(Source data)
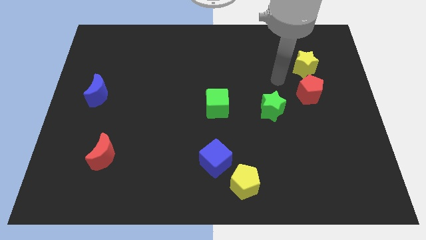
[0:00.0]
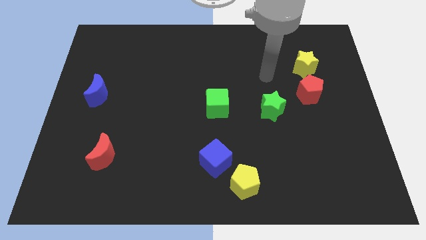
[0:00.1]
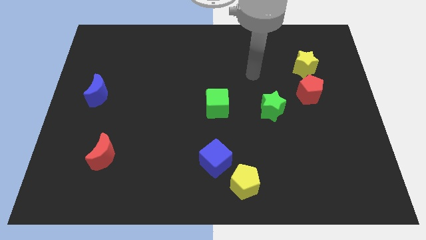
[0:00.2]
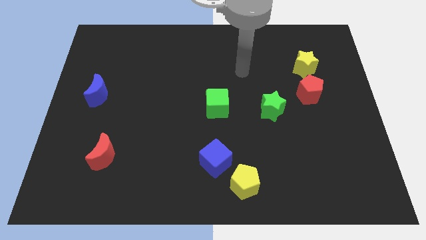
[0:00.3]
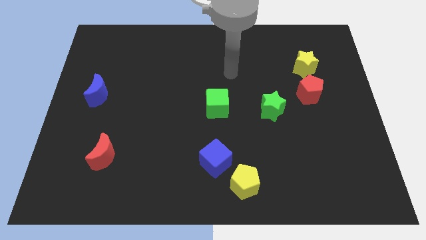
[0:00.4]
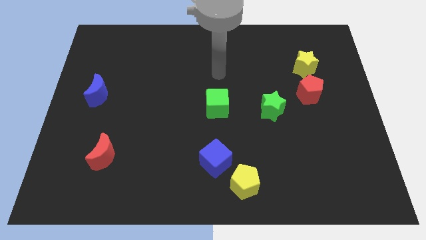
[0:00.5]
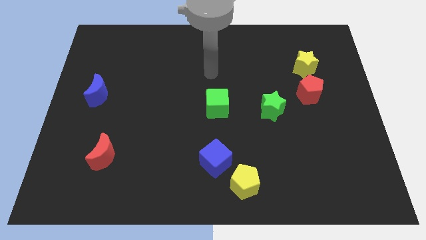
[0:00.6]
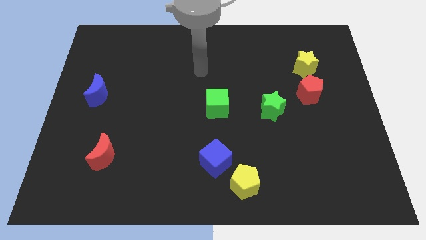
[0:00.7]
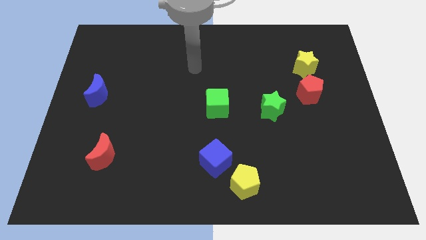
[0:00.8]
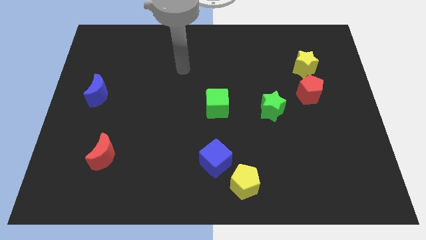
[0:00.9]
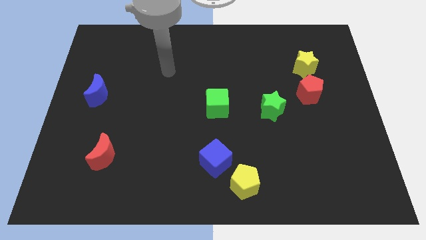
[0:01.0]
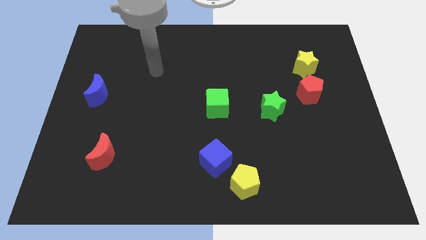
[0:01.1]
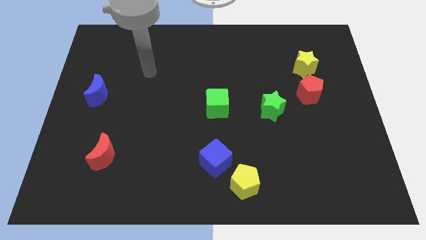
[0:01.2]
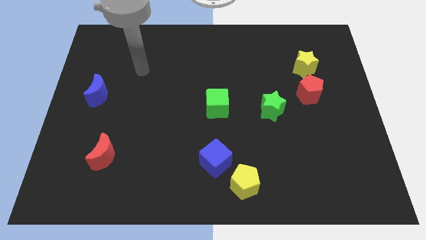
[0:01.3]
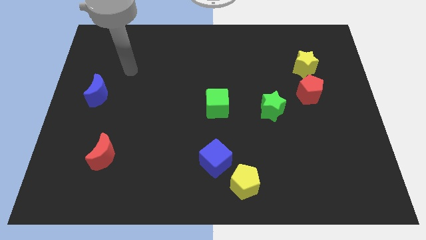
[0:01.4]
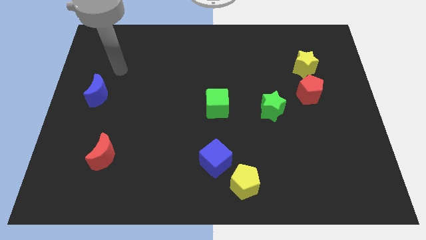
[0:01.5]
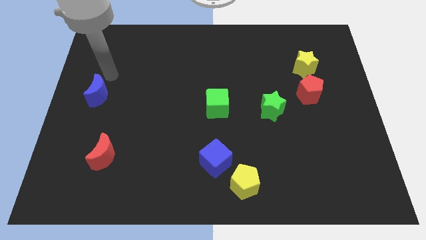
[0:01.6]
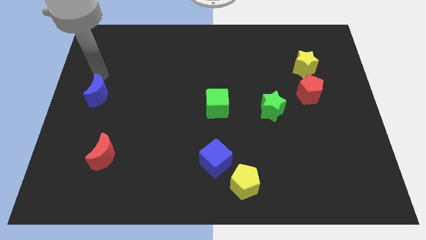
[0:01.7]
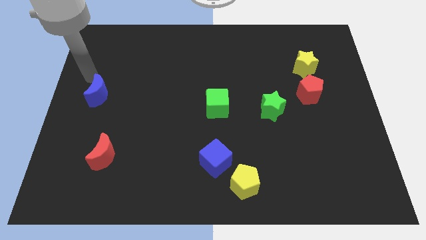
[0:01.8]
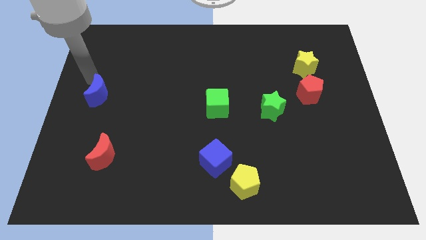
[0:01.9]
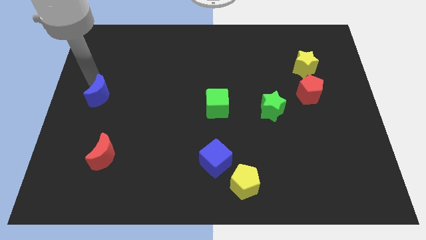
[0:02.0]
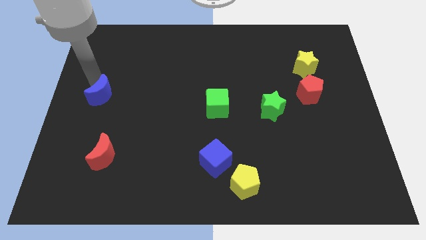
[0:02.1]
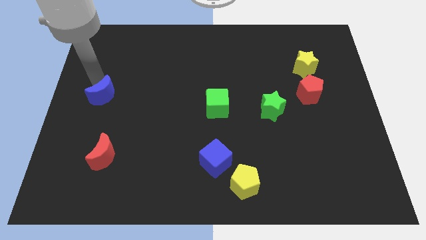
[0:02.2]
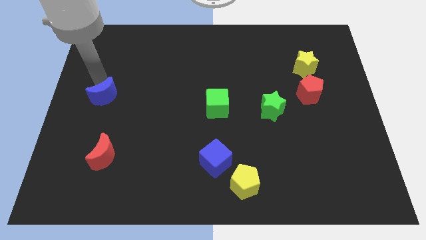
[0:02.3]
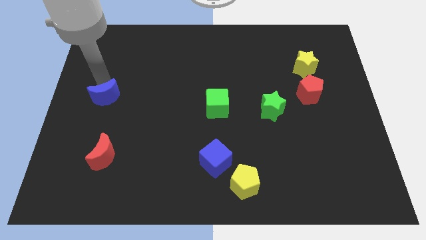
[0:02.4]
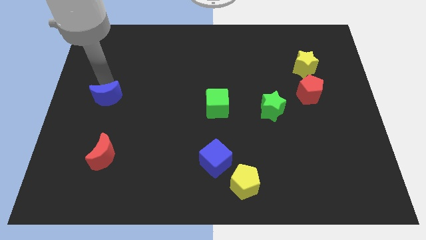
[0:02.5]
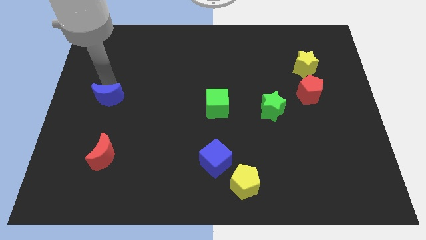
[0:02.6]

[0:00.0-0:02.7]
push the blue moon to the top of the red moon

__Try it__: Quote every record above exactly, leaving out any pictures.

__Answer space__:
[0:00.0]
[0:00.1]
[0:00.2]
[0:00.3]
[0:00.4]
[0:00.5]
[0:00.6]
[0:00.7]
[0:00.8]
[0:00.9]
[0:01.0]
[0:01.1]
[0:01.2]
[0:01.3]
[0:01.4]
[0:01.5]
[0:01.6]
[0:01.7]
[0:01.8]
[0:01.9]
[0:02.0]
[0:02.1]
[0:02.2]
[0:02.3]
[0:02.4]
[0:02.5]
[0:02.6]

[0:00.0-0:02.7]
push the blue moon to the top of the red moon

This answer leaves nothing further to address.